The National Research Council of Canada of Ottawa has received US Patent No. 8,057,852, "Microdevice for a fluorescence-based assay, and a method for making the microdevice." The method includes providing a substrate consisting of poly(cyclic olefin); protecting the substrate from ultraviolet light; and subjecting a surface of said UV-protected substrate to ozone oxidation to activate it; where intrinsic fluorophores on the surface of the substrate remain substantially unchanged after the ozone oxidation. The microdevice consist of a poly(cyclic olefin) body with an ozone-activated surface free of intrinsic fluorophores.
Gen9 of Cambridge, Mass., has received US Patent No. 8,058,004, "Microarray synthesis and assembly of gene-length polynucleotides." The patent claims a process for creating a mixture of oligonucleotide sequences in solution. The process includes synthesizing in situ or spotting oligonucleotide sequences on a microarray device or bead device, each having a solid or porous surface, where the sequences are attached to the surface. According to the patent, each sequence consists of a fragment of a target polynucleotide sequence as well as two flanking sequences, one at the 3' end and the other at the 5' end of each fragment. Each flanking sequence contains a primer region and a sequence segment having a restriction enzyme-cleavable site. Each oligonucleotide sequence is then amplified using primers complementary to the primer regions of the flanking sequence to form a number of double-stranded oligonucleotide sequences.
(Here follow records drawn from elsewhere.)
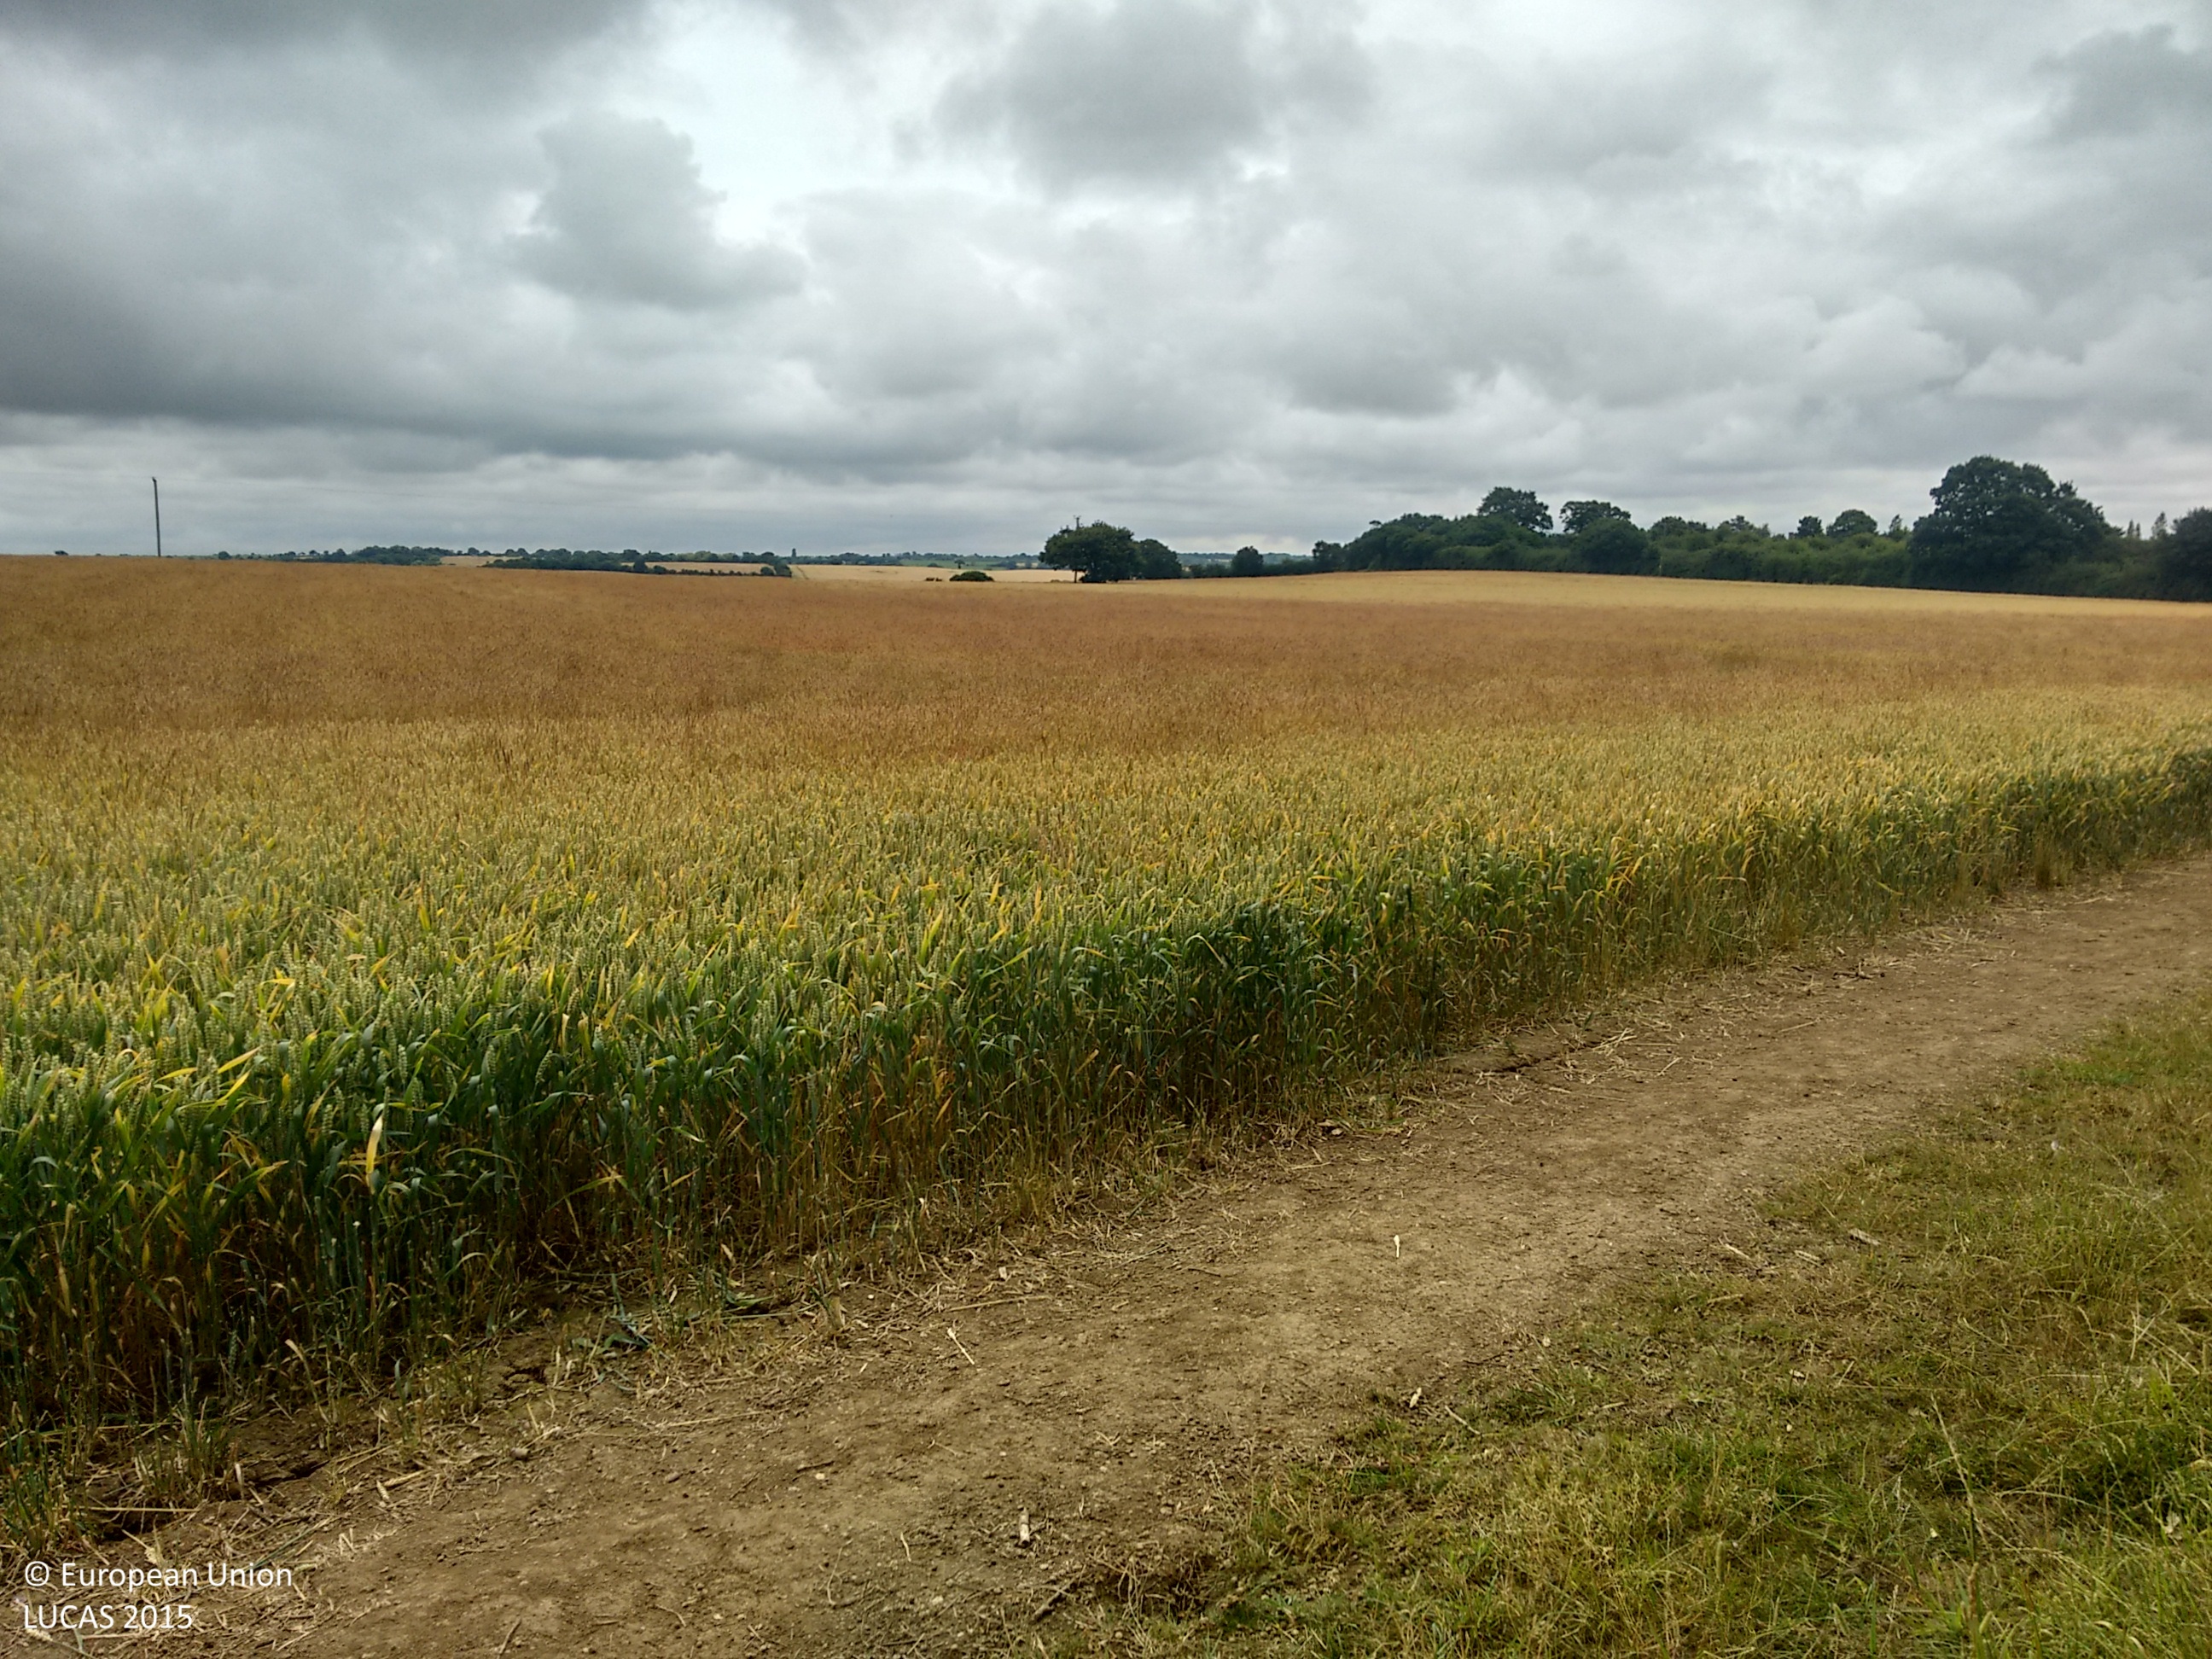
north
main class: Cropland
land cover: Common wheat
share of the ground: > 75 %
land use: Agriculture (excluding fallow land and kitchen gardens)
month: July
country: GB
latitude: 51.6390
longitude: 0.5661

The primer regions are then cleaved from the double-stranded oligonucleotide sequences at the restriction enzyme-cleavable sites to produce fragments of the target polynucleotide sequence, where the fragments together comprise the target polynucleotide sequence.
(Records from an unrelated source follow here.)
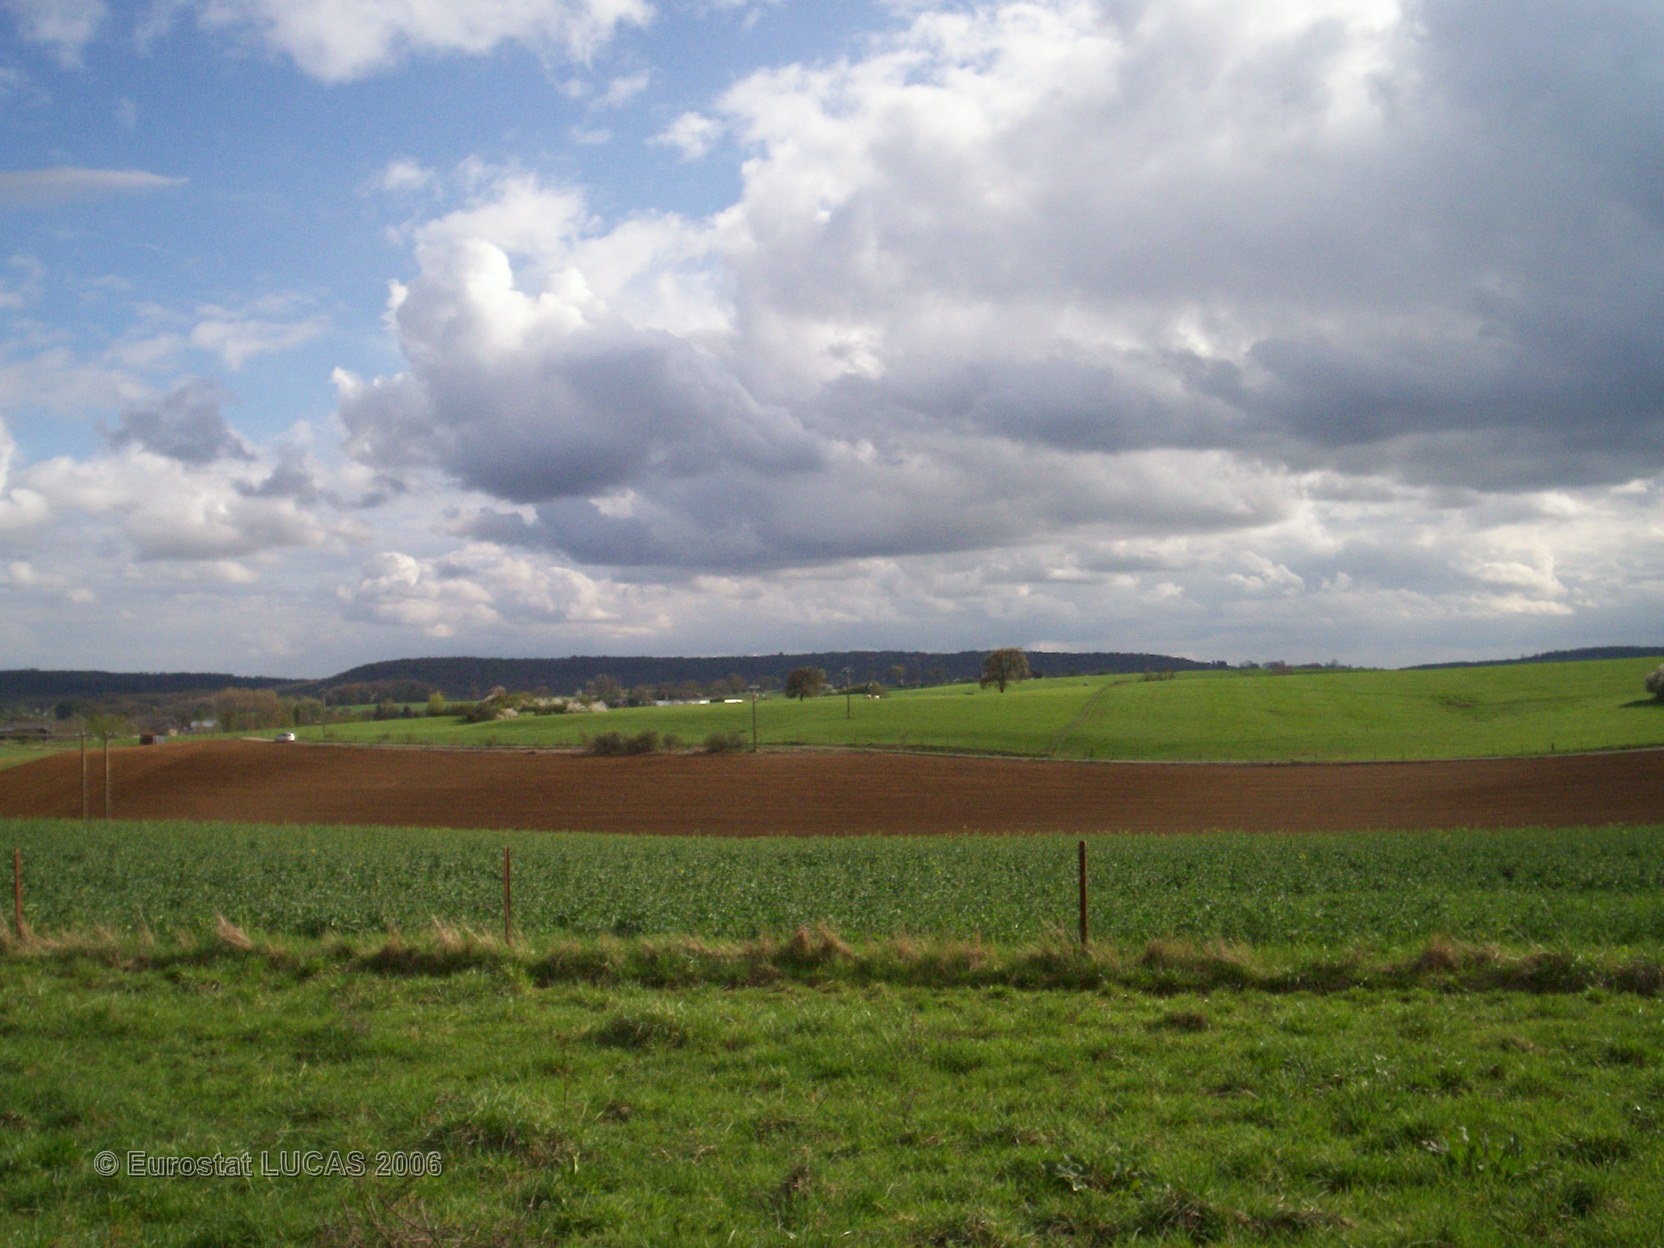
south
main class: Grassland
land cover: Grassland without tree/shrub cover
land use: Agriculture (excluding fallow land and kitchen gardens)
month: April
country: FR
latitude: 49.6754
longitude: 4.5502

Honeywell International of Morristown, NJ, has received US Patent No. 8,058,005, "Method for single nucleotide polymorphism and mutation detection using real time polymerase chain reaction microarray." The method includes: a) hybridizing over a temperature gradient fluorescently tagged target amplicons to target nucleic acid probes immobilized in areas on an upper surface of a substrate, where the sequences of the probes differ so as to represent one or more SNPs; b) activating a fluorescence response from each of the fluorescently tagged target amplicons using an evanescent wave of a predetermined wavelength; c) detecting each fluorescence response; d) analyzing each fluorescence response; e) differentially hybridizing each of the amplicons to provide a melting curve; and f) analyzing each melting curve to qualitatively determine whether the target nucleic acid sequence has one or more SNPs.
Agilent Technologies of Santa Clara, Calif., has received US Patent No. 8,058,055, "High resolution chromosomal mapping." The patent describes methods of spatial and structural genomic analysis that can be used to map chromosomes and analyze the structure of chromosomal rearrangements, including the entire chromosome, as well as specific portions or regions of interest of the chromosomes. Multiple portions of the genome can be distinguished using a first detection entity and a second detection entity different from the first detection entity. The detection entities may be immobilized relative to oligonucleotides, which may be selected to bind to different locations within the chromosome. For instance, the oligonucleotides may be at least substantially complementary to the chromosome or substantially complementary to a specific location of the chromosome, according to the inventors.